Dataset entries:

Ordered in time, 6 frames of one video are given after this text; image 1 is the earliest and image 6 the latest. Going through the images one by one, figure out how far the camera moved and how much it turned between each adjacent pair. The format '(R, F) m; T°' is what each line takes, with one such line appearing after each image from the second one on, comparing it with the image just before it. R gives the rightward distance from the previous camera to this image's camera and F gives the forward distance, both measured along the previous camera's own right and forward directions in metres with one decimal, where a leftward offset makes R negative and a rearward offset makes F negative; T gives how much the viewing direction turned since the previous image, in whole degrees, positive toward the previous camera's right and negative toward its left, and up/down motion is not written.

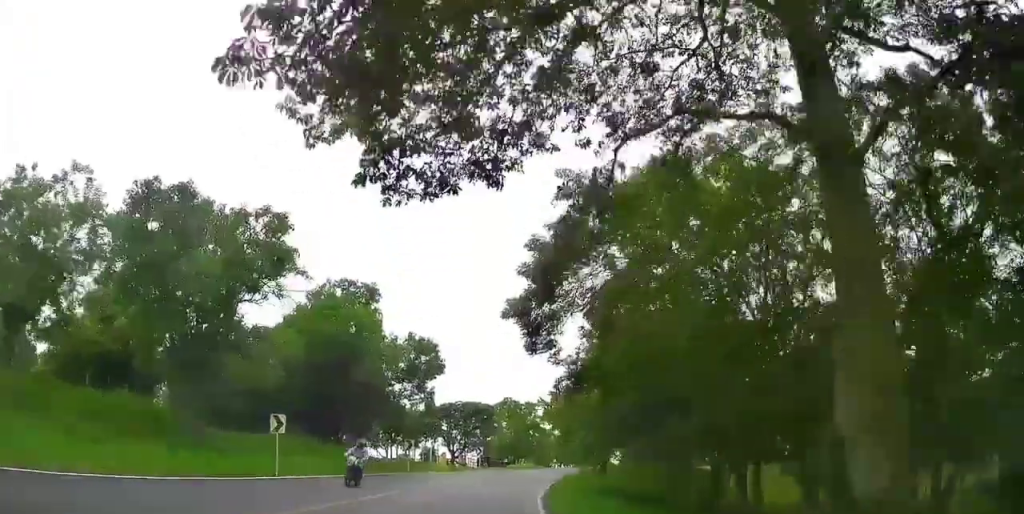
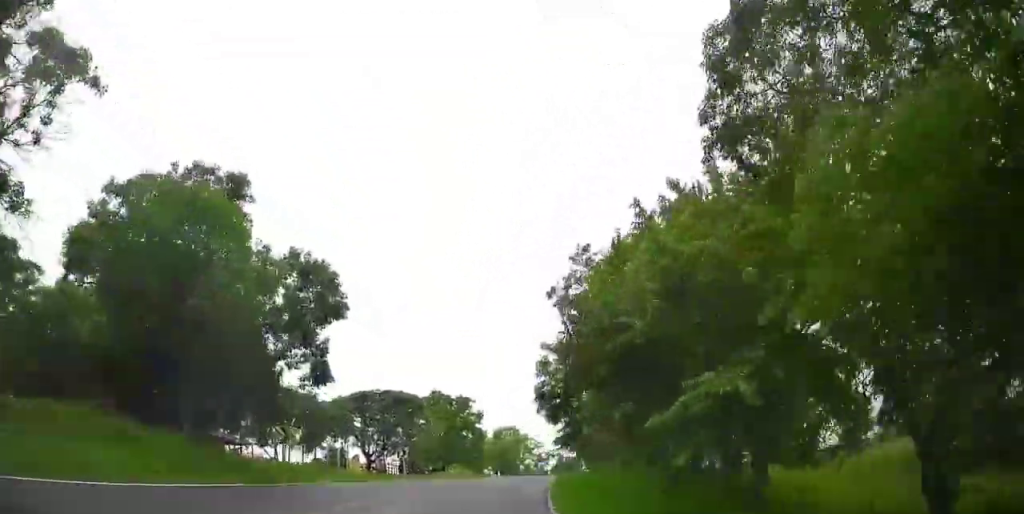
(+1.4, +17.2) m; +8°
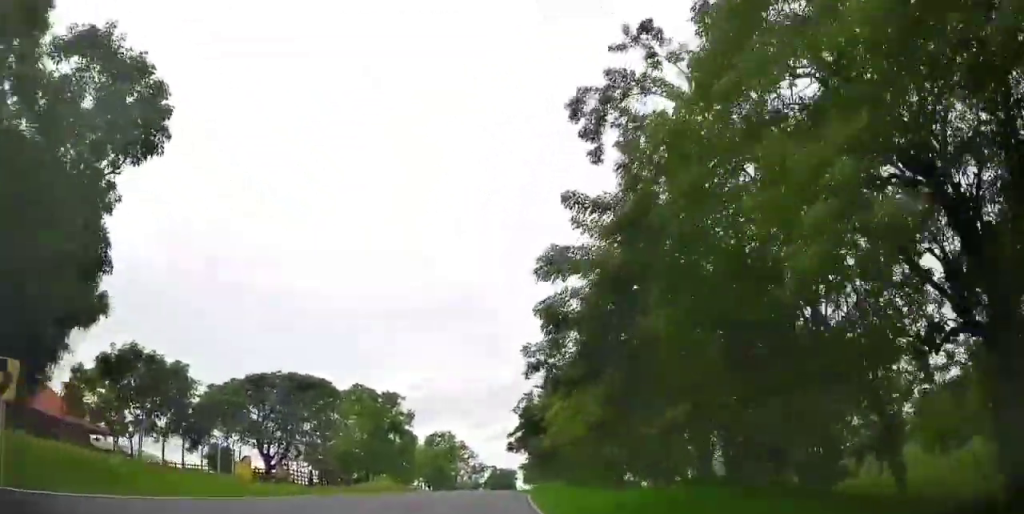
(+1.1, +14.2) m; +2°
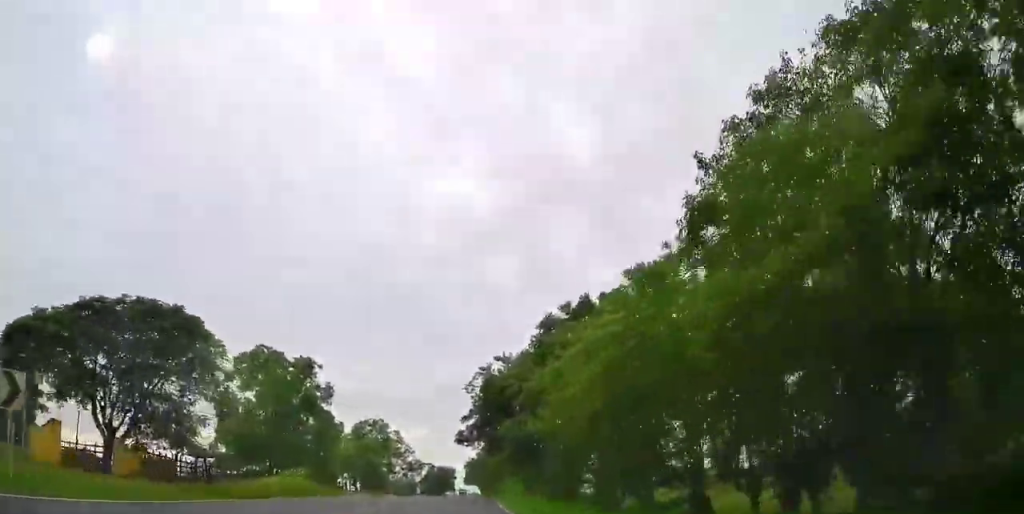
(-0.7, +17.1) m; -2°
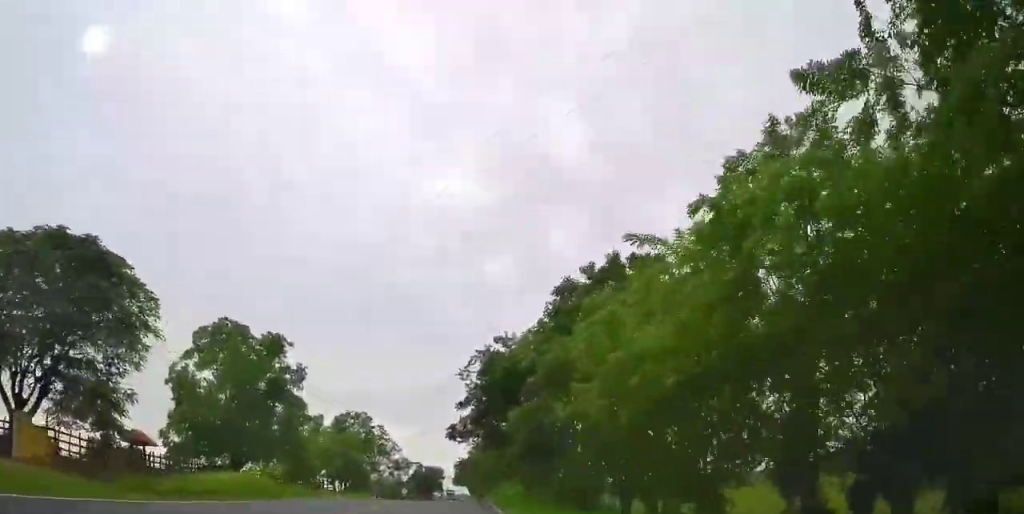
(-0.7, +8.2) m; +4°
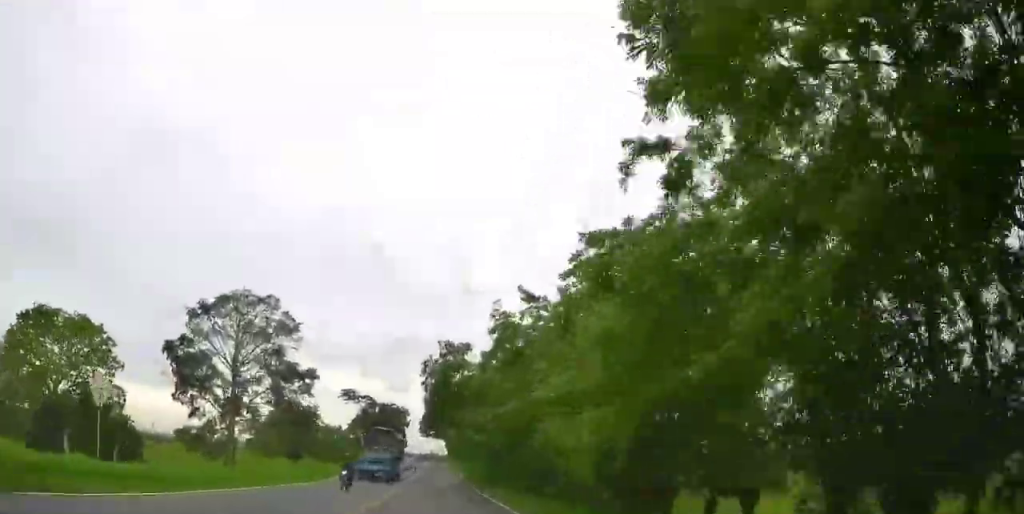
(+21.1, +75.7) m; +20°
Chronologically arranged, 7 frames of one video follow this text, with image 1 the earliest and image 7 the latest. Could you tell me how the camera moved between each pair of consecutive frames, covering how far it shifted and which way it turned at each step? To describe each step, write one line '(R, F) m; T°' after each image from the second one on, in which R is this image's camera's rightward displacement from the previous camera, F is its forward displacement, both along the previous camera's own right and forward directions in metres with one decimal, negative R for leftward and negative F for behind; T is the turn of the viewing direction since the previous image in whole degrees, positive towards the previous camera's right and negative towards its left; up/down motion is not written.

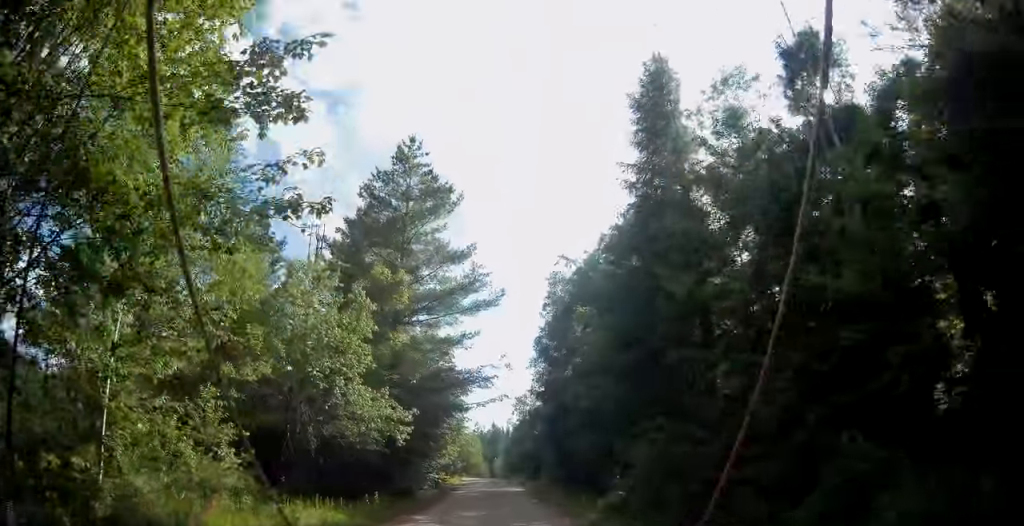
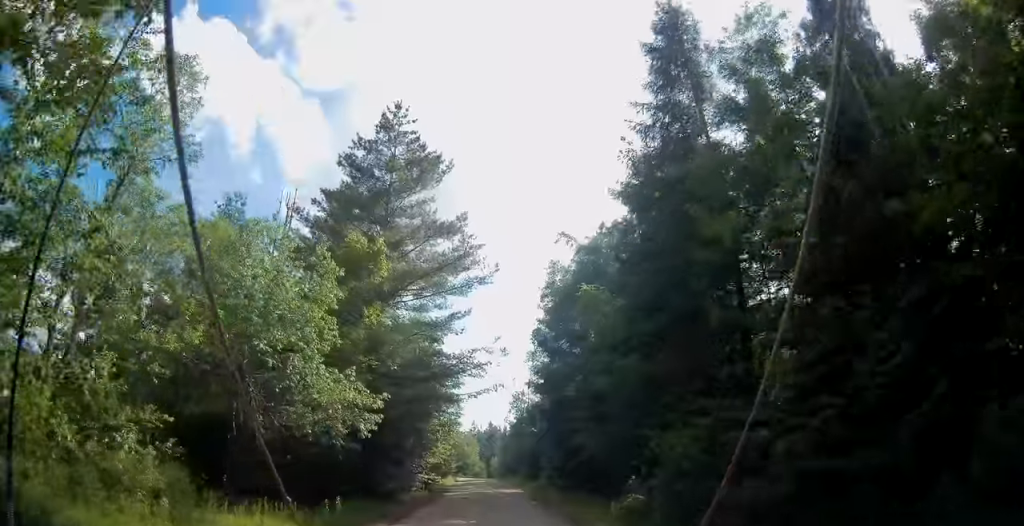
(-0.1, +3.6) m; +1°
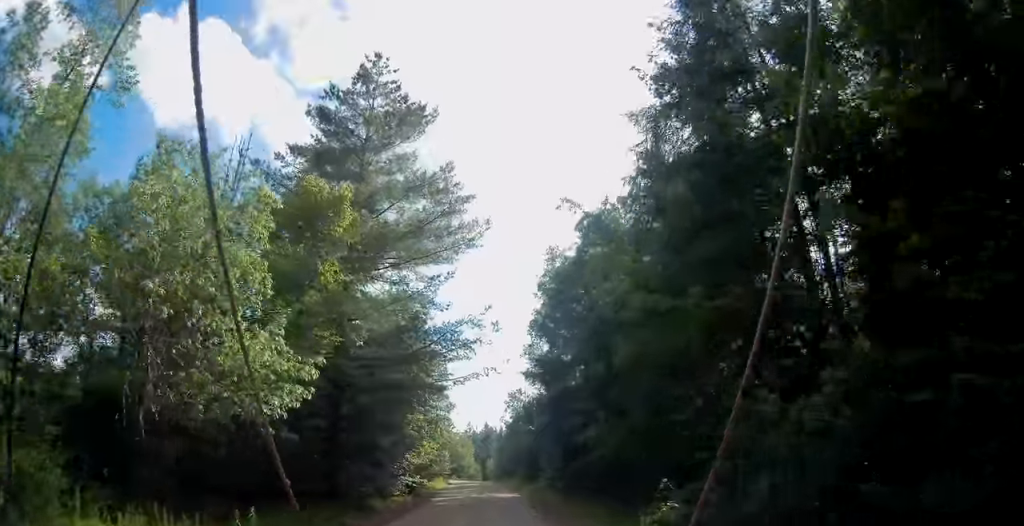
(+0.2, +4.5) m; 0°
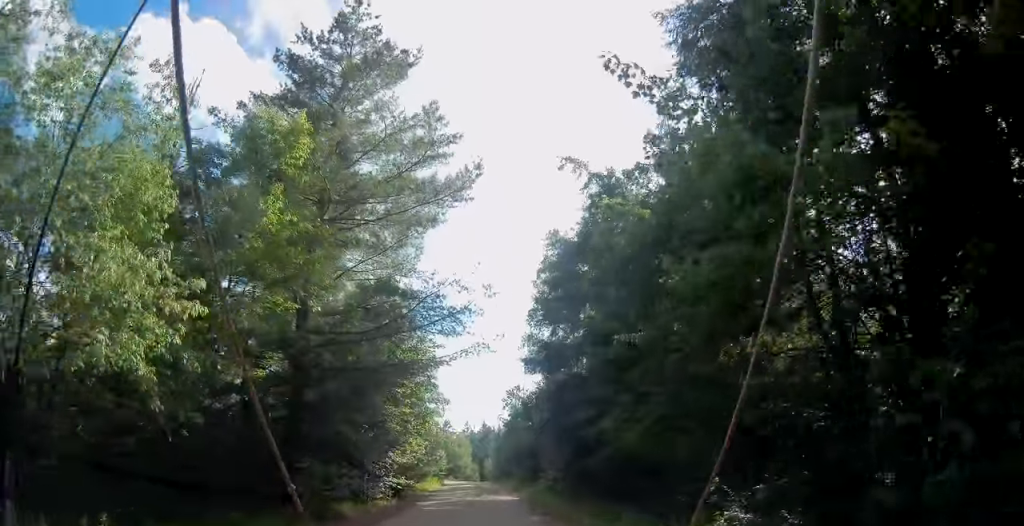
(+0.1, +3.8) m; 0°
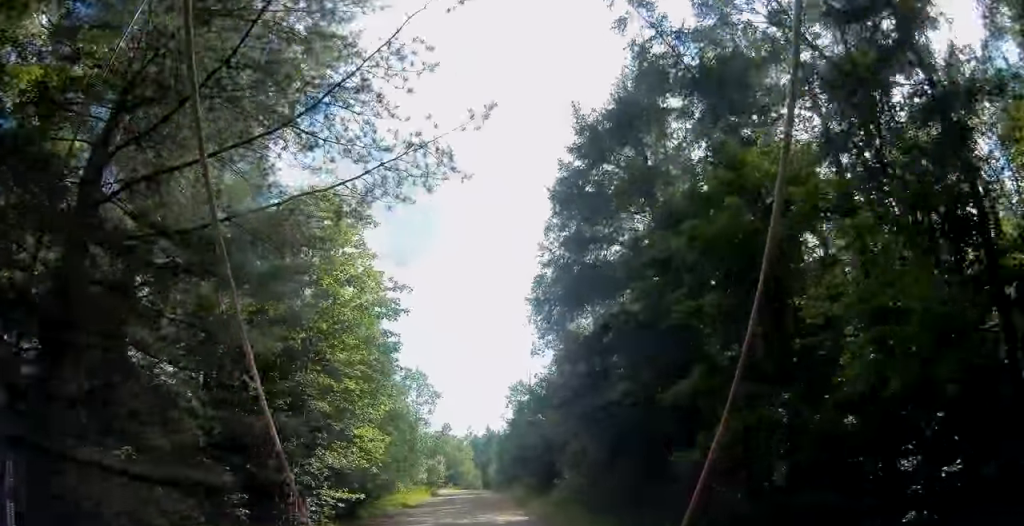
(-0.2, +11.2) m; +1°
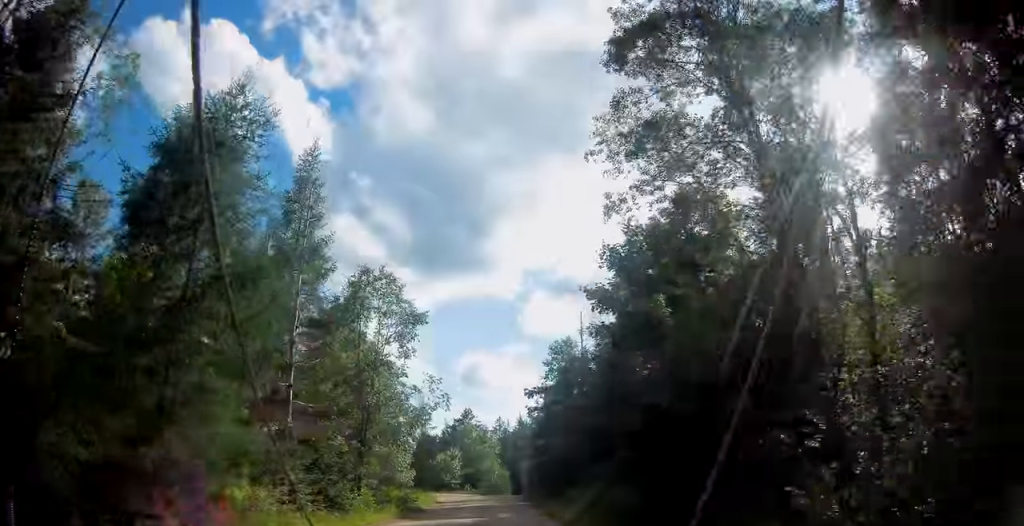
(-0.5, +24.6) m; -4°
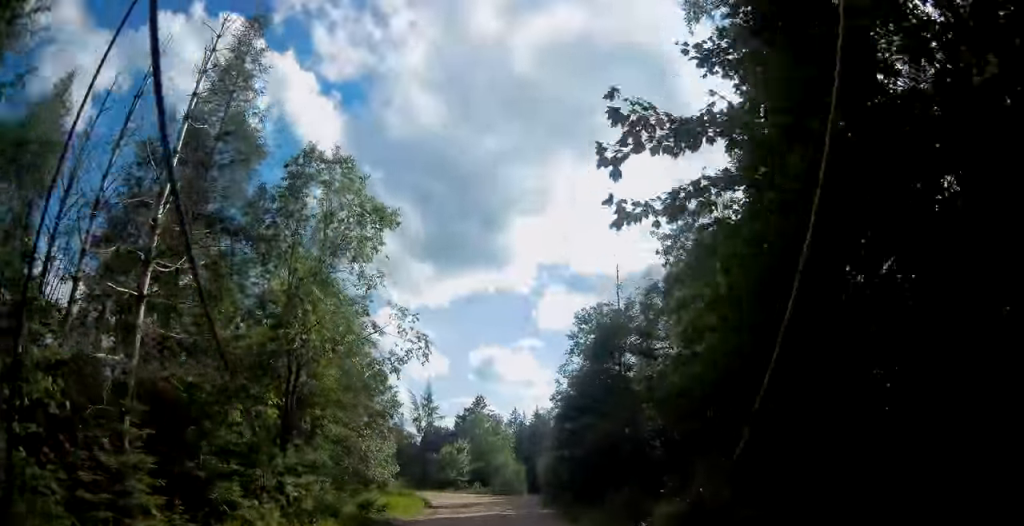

## Required action:
Beginning with the line that contains "Chronologically arranged, 7" and ending with the final line of the entries, every line must be copied exactly; the pictures must not.

## Response area:
Chronologically arranged, 7 frames of one video follow this text, with image 1 the earliest and image 7 the latest. Could you tell me how the camera moved between each pair of consecutive frames, covering how far it shifted and which way it turned at each step? To describe each step, write one line '(R, F) m; T°' after each image from the second one on, in which R is this image's camera's rightward displacement from the previous camera, F is its forward displacement, both along the previous camera's own right and forward directions in metres with one decimal, negative R for leftward and negative F for behind; T is the turn of the viewing direction since the previous image in whole degrees, positive towards the previous camera's right and negative towards its left; up/down motion is not written.

(-0.1, +3.6) m; +1°
(+0.2, +4.5) m; 0°
(+0.1, +3.8) m; 0°
(-0.2, +11.2) m; +1°
(-0.5, +24.6) m; -4°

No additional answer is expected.